Esperanza Spalding may have surprised the music world when she received a this year's Grammy for Best New Artist, but the talented bassist, vocalist, composer and bandleader is unpretentious about being the first jazz artist to win the award. When I contacted her at home for a phone interview, I found her fun and cute, but passionate and candid about jazz. Her insights into jazz history demonstrate her deep respect for her forebears, while her own work illustrates how she can keep it fresh while remaining within the tradition.
NUVO: How has your being the first jazz artist to receive the Grammy for Best New Artist changed your career?
Esperanza Spalding: It hasn't changed my life very much, but there is one thing I can say about it. Even though it is exciting about the Grammy, there is no "me" without all of the musicians, teachers, friends and supporters who are equally important in terms of the music I make or the career that I have. I hope there are positive repercussions for the jazz community on the whole. I wish I could share that honor more directly with all of the people from who I learned from.
NUVO: What jazz artist inspired you to pick the bass as your instrument? And who inspired you to sing with it?
Spalding: I always liked Slam Stewart. I didn't think of being a vocalist when I listened to him. I liked him as a bass player. I didn't think of his singing and playing with his bass solos in Slim Gaillard's group. I would go to a friend's house, and he would teach me songs. To remember the chord progressions, I would sing the chord melody. It became something I wanted to cultivate more and explore, and that's how it started.
NUVO: You're an instrumentalist, vocalist, composer, arranger and bandleader. Which role is the most satisfying for you?

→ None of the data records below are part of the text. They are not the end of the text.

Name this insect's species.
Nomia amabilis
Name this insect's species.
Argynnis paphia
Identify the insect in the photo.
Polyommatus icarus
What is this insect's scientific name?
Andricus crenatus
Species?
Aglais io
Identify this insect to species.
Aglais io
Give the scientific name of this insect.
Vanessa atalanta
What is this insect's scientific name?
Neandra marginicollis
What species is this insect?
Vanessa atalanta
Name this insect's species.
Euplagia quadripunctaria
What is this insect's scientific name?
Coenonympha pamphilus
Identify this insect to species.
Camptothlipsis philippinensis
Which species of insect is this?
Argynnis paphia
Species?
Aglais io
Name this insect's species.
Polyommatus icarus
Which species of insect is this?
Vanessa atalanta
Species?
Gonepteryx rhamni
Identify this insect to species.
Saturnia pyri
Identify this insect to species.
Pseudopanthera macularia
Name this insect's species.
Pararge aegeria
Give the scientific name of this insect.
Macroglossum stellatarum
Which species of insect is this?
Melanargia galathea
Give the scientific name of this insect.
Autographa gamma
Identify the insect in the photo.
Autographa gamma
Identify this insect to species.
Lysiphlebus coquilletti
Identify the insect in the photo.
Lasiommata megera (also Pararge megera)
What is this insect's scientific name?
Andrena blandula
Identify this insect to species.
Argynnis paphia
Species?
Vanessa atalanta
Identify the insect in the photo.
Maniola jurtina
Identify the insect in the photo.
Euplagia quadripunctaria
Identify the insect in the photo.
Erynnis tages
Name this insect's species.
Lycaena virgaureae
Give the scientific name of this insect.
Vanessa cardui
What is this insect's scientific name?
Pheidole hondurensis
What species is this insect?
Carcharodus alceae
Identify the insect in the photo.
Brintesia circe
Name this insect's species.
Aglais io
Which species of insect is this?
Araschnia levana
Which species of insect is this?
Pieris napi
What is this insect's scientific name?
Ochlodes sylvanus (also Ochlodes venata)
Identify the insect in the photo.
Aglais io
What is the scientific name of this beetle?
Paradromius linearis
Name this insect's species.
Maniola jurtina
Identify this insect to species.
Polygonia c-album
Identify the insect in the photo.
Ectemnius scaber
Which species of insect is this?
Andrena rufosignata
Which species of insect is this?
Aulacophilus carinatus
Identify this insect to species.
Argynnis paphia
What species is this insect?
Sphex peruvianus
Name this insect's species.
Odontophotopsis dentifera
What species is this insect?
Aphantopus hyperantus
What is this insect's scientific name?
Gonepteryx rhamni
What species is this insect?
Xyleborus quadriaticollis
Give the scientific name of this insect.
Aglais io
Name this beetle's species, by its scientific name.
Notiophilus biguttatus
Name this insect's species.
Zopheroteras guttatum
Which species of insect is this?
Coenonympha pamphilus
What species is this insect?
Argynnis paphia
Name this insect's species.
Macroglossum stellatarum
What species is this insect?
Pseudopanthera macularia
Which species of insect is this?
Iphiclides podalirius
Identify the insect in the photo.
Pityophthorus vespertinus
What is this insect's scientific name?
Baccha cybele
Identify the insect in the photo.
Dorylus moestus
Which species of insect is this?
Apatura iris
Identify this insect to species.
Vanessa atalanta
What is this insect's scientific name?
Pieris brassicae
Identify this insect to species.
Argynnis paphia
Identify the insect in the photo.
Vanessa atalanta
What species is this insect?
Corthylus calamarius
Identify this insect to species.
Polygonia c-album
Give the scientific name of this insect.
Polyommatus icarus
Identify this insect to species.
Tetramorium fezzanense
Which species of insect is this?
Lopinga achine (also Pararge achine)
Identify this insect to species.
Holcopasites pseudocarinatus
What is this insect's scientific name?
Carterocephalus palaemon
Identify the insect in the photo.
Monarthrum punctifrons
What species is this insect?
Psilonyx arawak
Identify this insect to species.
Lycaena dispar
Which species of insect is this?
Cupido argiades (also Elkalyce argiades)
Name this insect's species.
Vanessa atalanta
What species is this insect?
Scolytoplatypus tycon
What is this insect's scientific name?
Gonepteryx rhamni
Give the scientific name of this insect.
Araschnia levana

Spalding: Oh, they are all part of one whole. I don't really differentiate. It's sort of mixed up. It's the experience of them all that is really fulfilling.
NUVO: Are more female instrumentalists such as yourself moving into jazz careers?
Spalding: The only reason there aren't more are the special requirements of being a professional traveling jazz musician that are challenging for someone who is engaged in a more traditional role, as a mother at home with kids or being a more domestic wife. Touring isn't really compatible with that lifestyle. I think you will see that more women are seeing their commitment to their music as a traveling, recording professional artist in jazz. It relies so heavily on touring and being gone at night. I think that has been the hindrance on women continuing their professional careers.
NUVO: Do you think that jazz has strayed from its roots?
Spalding: I think, technically, the foundation is strong, and the roots of what has become jazz are firmly in every branch in part of what has American music and almost every form of popular music. If you wanted to get literal about it, the answer is no. It hasn't strayed from its roots. There are many ways of looking at it.
NUVO: You have said you believe hip-hop and neo-soul are "our 'jazz' now as far as the role these genres play in the music genre lineage."
Spalding: ...I would say rap is the need for improvisation in rhythm and time. It shows how you can create your own time and shows how you can use the vocabulary to create you own swing. That to me is a really a distinctive characteristic of jazz. To me freestyling is really an outcropping of jazz.